A Supreme Court judge and the solicitor general have demanded that the Brazilian government act, but this has not moved Jair Bolsonaro’s administration. Everything about this story — detailed in Solicitor General José Levi do Amaral’s report — reveals the rot of privatization and incompetence. The local health officials knew in early January that there was going to be an oxygen shortage imminently, but their warning did not carry any weight. A private contractor who had the job of providing the oxygen informed the government six days before the city ran out of this crucial supply in the fight against COVID-19. Even with the contractor’s information, the government did nothing; it would later say — against all scientific advice — that early treatment for coronavirus did not work. The insensitivity and incompetence of the government of Bolsonaro have led General Prosecutor Augusto Aras to call for a special probe. As Bolsonaro dithered, the government of Venezuela, in an act of solidarity, sent a shipment of oxygen to Manaus.
The latest development caused by the government’s toxic mix of privatization, ineptitude, and callousness should strengthen the case brought by Brazil’s health care unions against Jair Bolsonaro at the International Criminal Court (ICC) in July. But the problem is not the fault of Bolsonaro alone or even of Brazil. The problem lies in the neoliberal governments, governments in the United States, the United Kingdom, India, and others, governments whose commitments to profit-making firms and billionaires far outstrip their commitment to their own citizens or to their own constitutions. What we are seeing in countries such as Brazil is a crime against humanity.

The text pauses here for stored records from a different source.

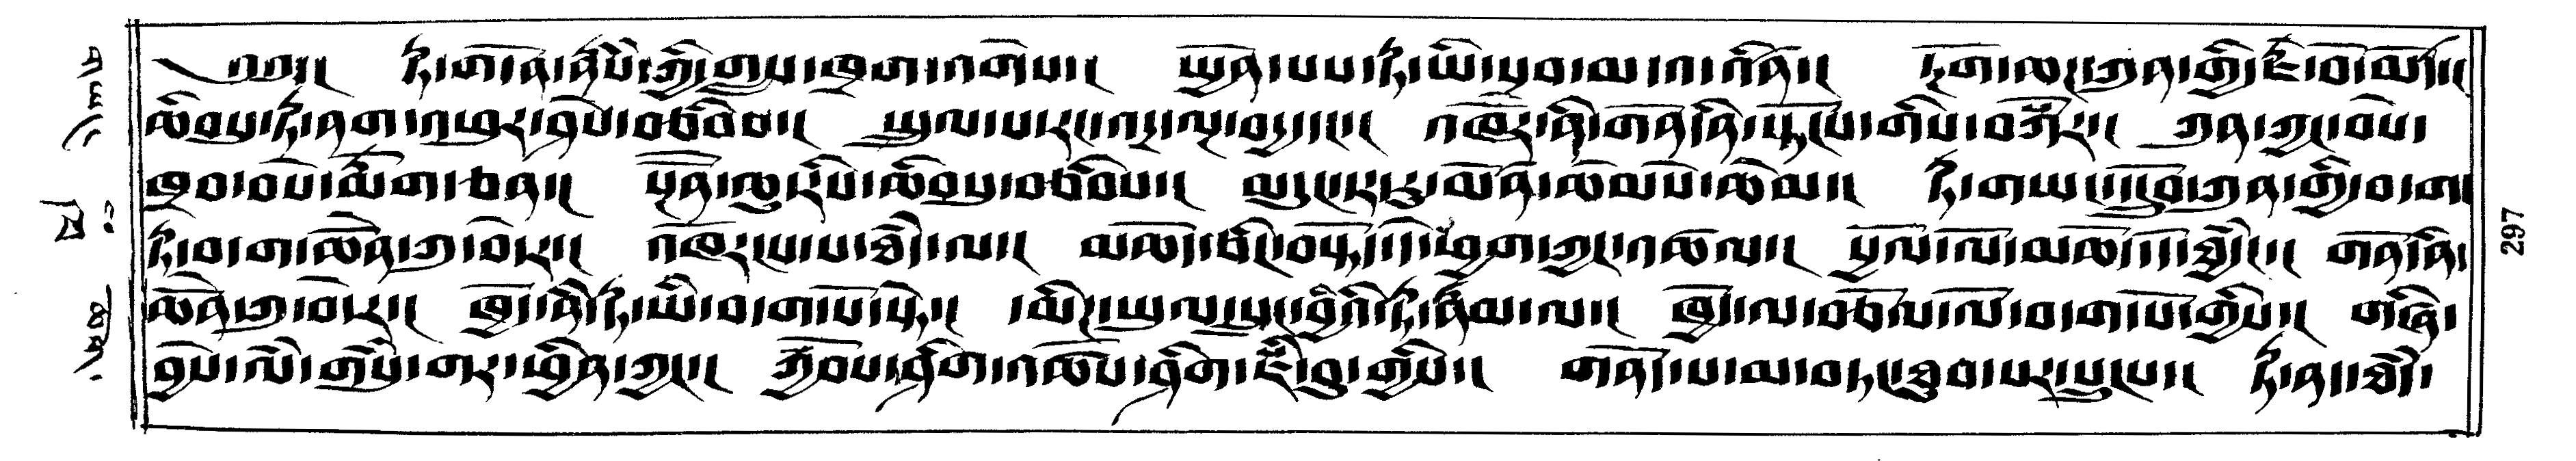རྟ་གདོན་རྣམས་ཀྱི་ཀླད་ཁྲག་འགེམས། །གཡོན་པས་རྟ་ཡི་སྲབ་མདའ་འཛིན། །རྔོག་ཆགས་ཀུན་ཀྱི་རྗེ་བོ་མཛོད། །
ཆིབས་སུ་རྟ་ནག་འཕུར་ཤེས་བཅིབས། །སྤྲུལ་པ་རང་འདྲ་ལྔ་བརྒྱ་དང་། །འཁོར་ནི་གནོད་སྦྱིན་སྟོངས་གིས་བསྐོར། །ཀུན་ཀྱང་བསེ་
ཁྲབ་བསེ་རྨོག་ཅན། །སྔོན་པོ་ཆུ་རིས་ཆིབས་སུ་བཅིབས། མདུང་དར་རུ་མཚོན་ཆེམས་སེ་ཆེམ། །རྟ་གཡང་དངོས་གྲུབ་ཀུན་ཀྱི་བདག 
རྟ་བདག་ཆེན་པོ་ཀུ་བེ་ར། །འཁོར་དང་བཅས་པ་ཐམས་ཅད་ལ། །མཆོད་ཅིང་བསྟོད་དེ་ཕྱག་ཀྱང་འཚལ། །གསོལ་ལོ་མཆོད་དོ་ཐུགས་དམ་བསྐང་། །སྣོད་སྦྱིན་
ཆེན་པོ་ཀུ་བེ་ར། །ཁྱོད་ནི་རྟ་ཡི་བདག་པོ་སྟེ། །དམིགས་ཡུལ་སྲུང་བྱའི་རྟ་རྣམས་ལ། །ཁྱོད་ལ་བཅོལ་ལོ་བདག་པོ་གྱིས། །གཞིས་
བྱེས་ལམ་གསུམ་གར་ཕྱིན་ཀྱང་། །སྐྱོབས་ཤིག་འཚོས་ཤིག་རྫི་བོ་གྱིས། །གནོད་པ་མ་བཏང་ཐུབ་པར་སྲུངས། །རྟ་ནད་ཐམས་ཅད་

It is time to impanel a citizens’ tribunal to investigate the utter failure of the governments of Boris Johnson, Donald Trump, Jair Bolsonaro, Narendra Modi, and others to break the chain of the infection of COVID-19. Such a tribunal would collect the factual information that would ensure that we do not allow these states to tamper with the crime scene; the tribunal would provide the ICC with a firm foundation to do a forensic investigation of this crime against humanity when its own political suffocation is eased.
We should all be outraged. But outrage is not a strong enough word.
A recent report suggests that the government of Bolsonaro put in place a strategy to allow the spread of the virus. All this will be part of the evidence for the citizen’s tribunal. We must not allow amnesia to set in. We must remember and we must build on the kinds of ideas embedded in the Alma-Ata Declaration.